The PhD project will be jointly supervised by Prof. Dr. Rebekka Hufendiek and Dr. Hauke Behrendt.
The KEMAI team aims to combine the benefits of knowledge-based and learning-based systems in order not only to achieve state-of-the-art accuracy in medical diagnosis, but also to communicate predictions to physicians in an interpretable and clinically meaningful way, while taking ethical implications within medical decision-making processes into account.
KEMAI’s central goal is to provide interdisciplinary doctoral training in explainable medical AI for researchers from computer science, medicine, and philosophy. The RTG offers a structured doctoral program that creates an environment in which early-career researchers can conduct high-level interdisciplinary research in the field of medical AI.

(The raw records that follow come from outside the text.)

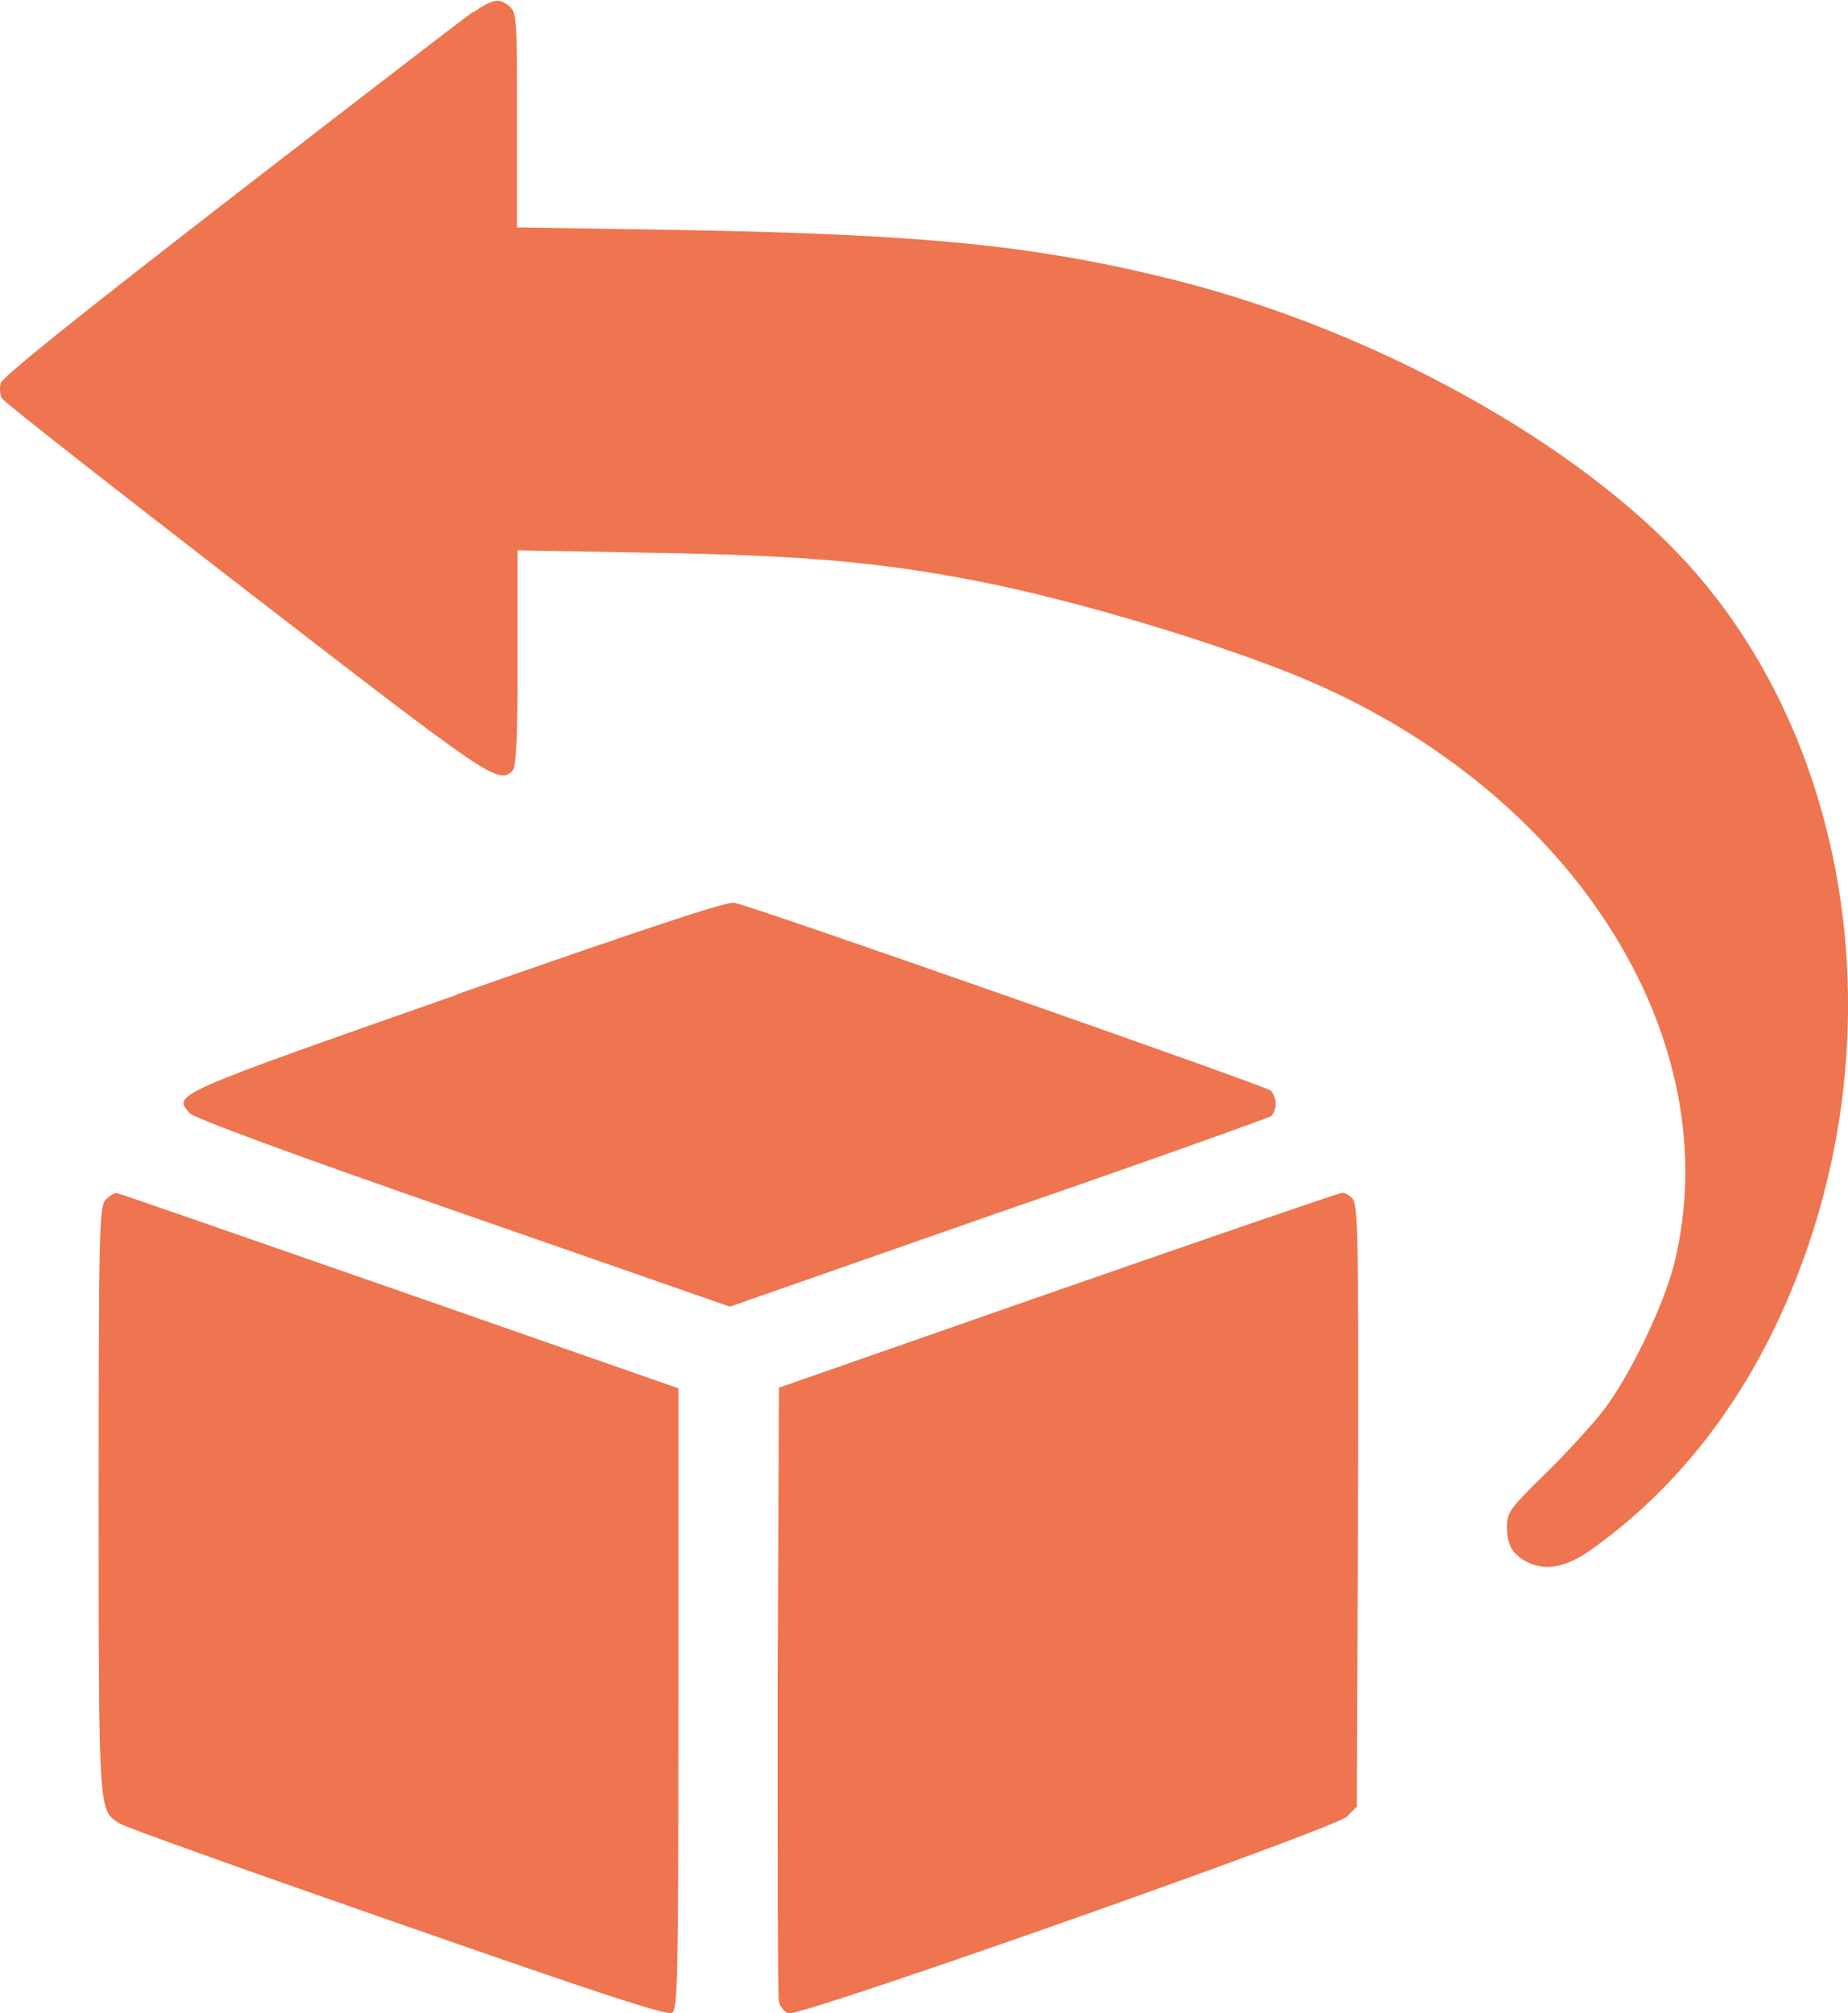 <?xml version="1.0" encoding="UTF-8"?>
<svg id="Layer_2" xmlns="http://www.w3.org/2000/svg" viewBox="0 0 29.42 32.05">
  <defs>
    <style>
      .cls-1 {
        fill: #ee754f;
      }
    </style>
  </defs>
  <g id="Layer_1-2" data-name="Layer_1">
    <path class="cls-1" d="M7.53.19c-.16.11-1.91,1.46-3.89,2.99C1.2,5.07.04,6,.01,6.1c-.02.08-.01.19.02.24.02.05,1.77,1.42,3.88,3.05,3.91,3.02,4.02,3.1,4.25,2.88.06-.06.08-.54.08-1.79v-1.72l2.15.04c2.42.04,3.64.15,5.22.46,1.57.31,3.82.99,5.16,1.55,4.29,1.81,6.77,5.74,5.88,9.32-.17.66-.7,1.77-1.13,2.33-.18.23-.6.69-.93,1.01-.54.53-.6.61-.6.82,0,.3.08.45.33.58.28.14.62.08,1.01-.2,1.59-1.13,2.77-2.8,3.47-4.88,1.29-3.83.53-8.08-1.91-10.79-1.75-1.94-5-3.74-8.18-4.54-2.23-.56-4.01-.73-7.95-.8l-2.53-.04v-1.7c0-1.57,0-1.71-.11-1.81-.17-.15-.27-.13-.59.09"/>
    <path class="cls-1" d="M7.26,15.84c-4.53,1.59-4.51,1.58-4.24,1.88.07.08,1.7.68,4.35,1.6l4.25,1.48,4.26-1.49c2.35-.81,4.3-1.51,4.35-1.54.04-.03.08-.12.08-.2s-.04-.17-.08-.21c-.1-.08-8.29-2.95-8.54-2.99-.13-.02-1.45.42-4.42,1.46"/>
    <path class="cls-1" d="M1.68,19.1c-.1.11-.11.53-.11,4.77,0,4.99,0,4.94.32,5.15.08.06,2.08.77,4.43,1.59,3.24,1.13,4.3,1.48,4.38,1.43.09-.06.1-.54.1-5v-4.94l-4.44-1.55c-2.44-.85-4.48-1.56-4.51-1.56s-.11.05-.17.11"/>
    <path class="cls-1" d="M16.84,20.54l-4.44,1.55-.02,4.82c0,2.65,0,4.88.02,4.96.02.07.08.15.15.18.19.06,8.69-2.94,8.89-3.13l.16-.16.02-4.79c.01-4.31,0-4.8-.09-4.89-.05-.06-.13-.1-.17-.09-.04,0-2.08.7-4.52,1.55"/>
  </g>
</svg>

We invite highly motivated candidates with a strong interest in research and a desire to contribute to an interdisciplinary academic environment to apply. The position is funded for 3+1 years and comes with a 65% TV-L E13 salary.

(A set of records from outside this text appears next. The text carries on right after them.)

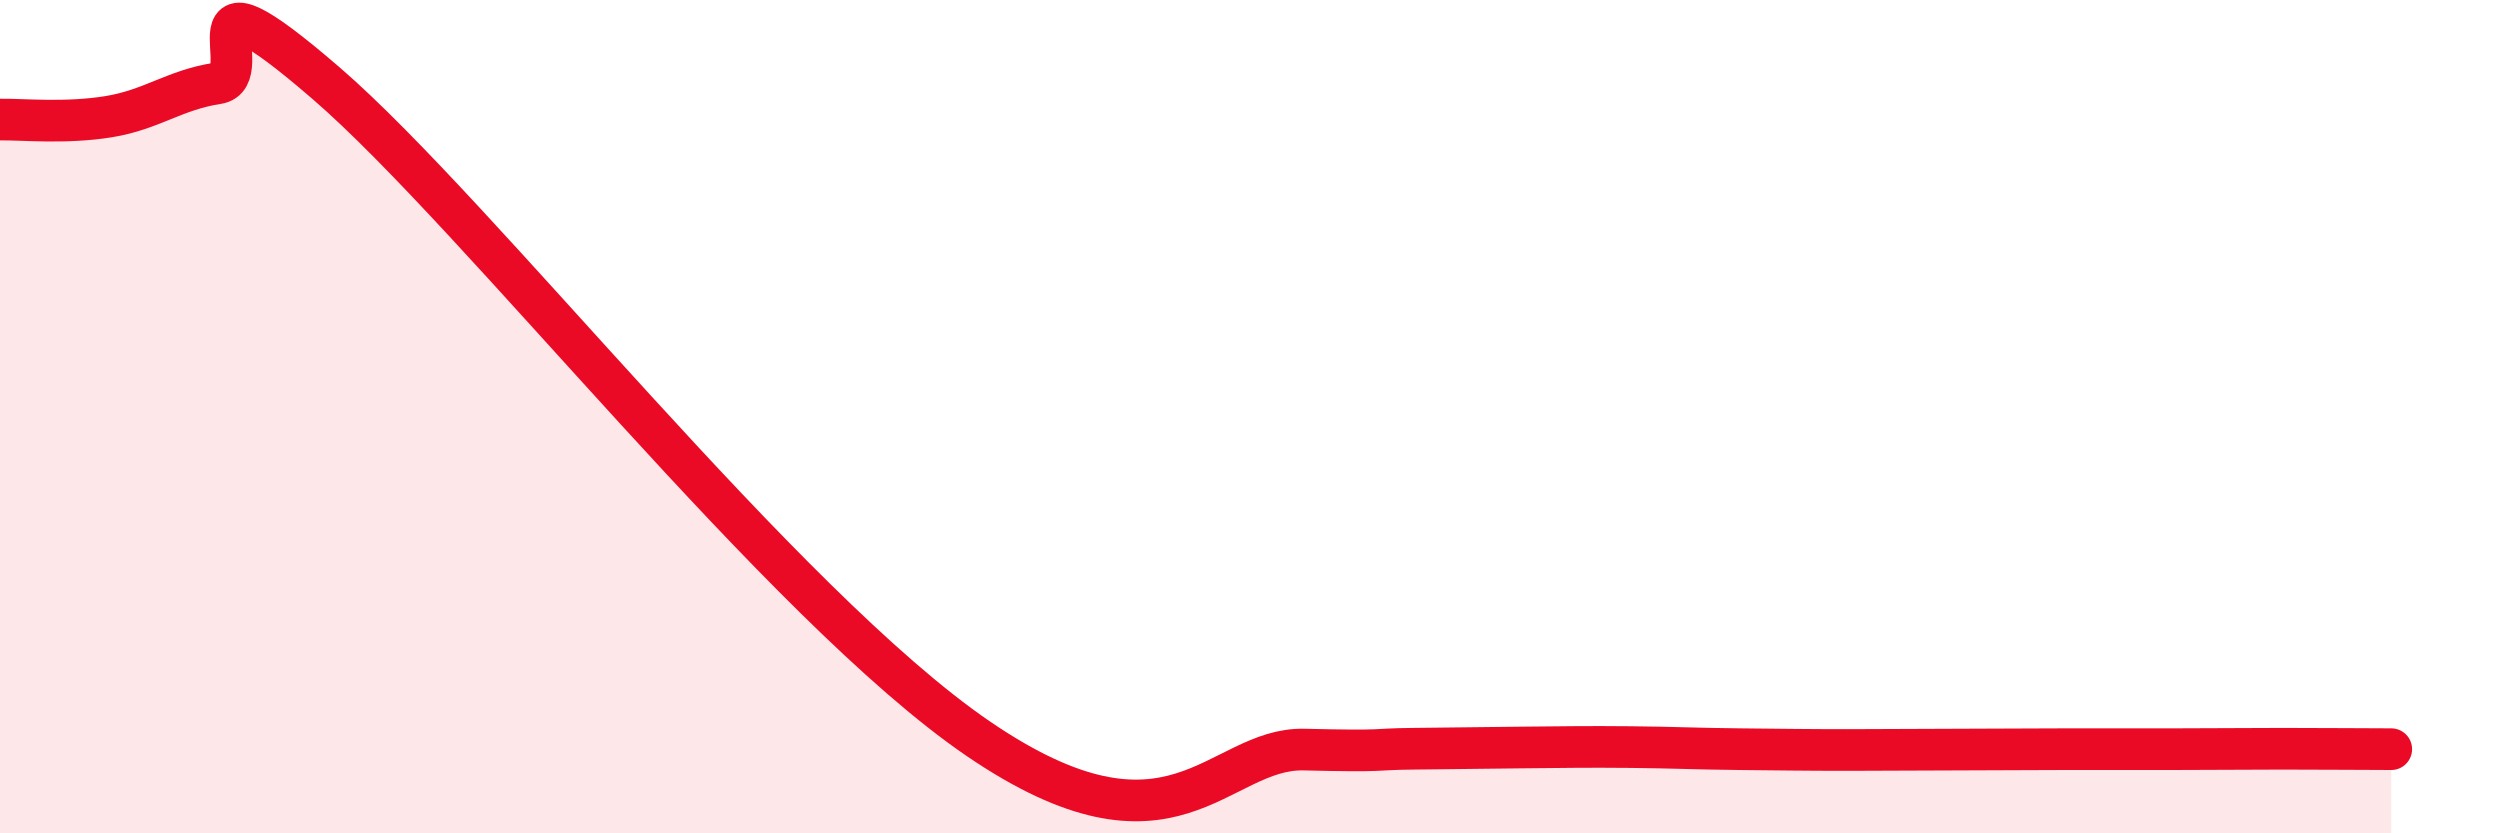 
    <svg width="60" height="20" viewBox="0 0 60 20" xmlns="http://www.w3.org/2000/svg">
      <path
        d="M 0,2.87 C 0.52,2.86 1.57,2.97 2.61,2.8 C 3.65,2.63 4.18,2.16 5.22,2 C 6.26,1.84 4.18,-1.15 7.83,2 C 11.48,5.15 18.79,14.53 23.48,17.73 C 28.17,20.93 29.21,17.94 31.3,17.99 C 33.39,18.04 32.87,17.98 33.91,17.97 C 34.95,17.96 35.48,17.95 36.52,17.94 C 37.56,17.93 38.09,17.92 39.13,17.93 C 40.17,17.94 40.7,17.97 41.74,17.98 C 42.78,17.99 43.31,18 44.35,18 C 45.39,18 45.92,17.99 46.96,17.99 C 48,17.99 48.53,17.98 49.57,17.98 C 50.61,17.98 51.13,17.98 52.17,17.98 C 53.21,17.98 53.74,17.97 54.78,17.97 C 55.82,17.97 56.87,17.98 57.39,17.98L57.39 20L0 20Z"
        fill="#EB0A25"
        opacity="0.1"
        stroke-linecap="round"
        stroke-linejoin="round"
      />
      <path
        d="M 0,2.87 C 0.52,2.86 1.57,2.97 2.61,2.8 C 3.65,2.63 4.18,2.16 5.22,2 C 6.26,1.84 4.18,-1.15 7.83,2 C 11.48,5.15 18.79,14.53 23.48,17.73 C 28.17,20.93 29.21,17.94 31.3,17.99 C 33.39,18.04 32.87,17.98 33.91,17.97 C 34.95,17.96 35.48,17.95 36.52,17.94 C 37.56,17.93 38.09,17.92 39.13,17.93 C 40.17,17.94 40.7,17.97 41.74,17.98 C 42.78,17.99 43.31,18 44.35,18 C 45.39,18 45.92,17.99 46.96,17.99 C 48,17.99 48.53,17.98 49.57,17.98 C 50.61,17.98 51.13,17.98 52.17,17.98 C 53.21,17.98 53.74,17.97 54.78,17.97 C 55.82,17.97 56.87,17.98 57.39,17.98"
        stroke="#EB0A25"
        stroke-width="1"
        fill="none"
        stroke-linecap="round"
        stroke-linejoin="round"
      />
    </svg>

The deadline for applications is the 30th of June 2026
For further information, please visit the RTG website:
KEMAI Website
Information on the application process can be found here:
PhD Application Information
In addition to the requested documents, please attach a writing sample (e.g., a chapter from your MA-thesis or a draft paper)
A possible PhD project could focus, for example, on medical scenarios in which AI systems generate diagnostic or therapeutic recommendations and thereby become involved in potentially high-stakes decisions. The central question is under what conditions such recommendations can be explained in a way that enables responsible clinical judgment.
Explainability is not primarily understood as mere technical transparency of models, but rather as a practice-oriented form of justification. The project develops an approach that conceives of explanations as context-, stakeholder-, and risk-sensitive practices. Explanations must therefore be aligned with specific decision-making situations, the epistemic roles of the actors involved, and the potential consequences and risks associated with the decision.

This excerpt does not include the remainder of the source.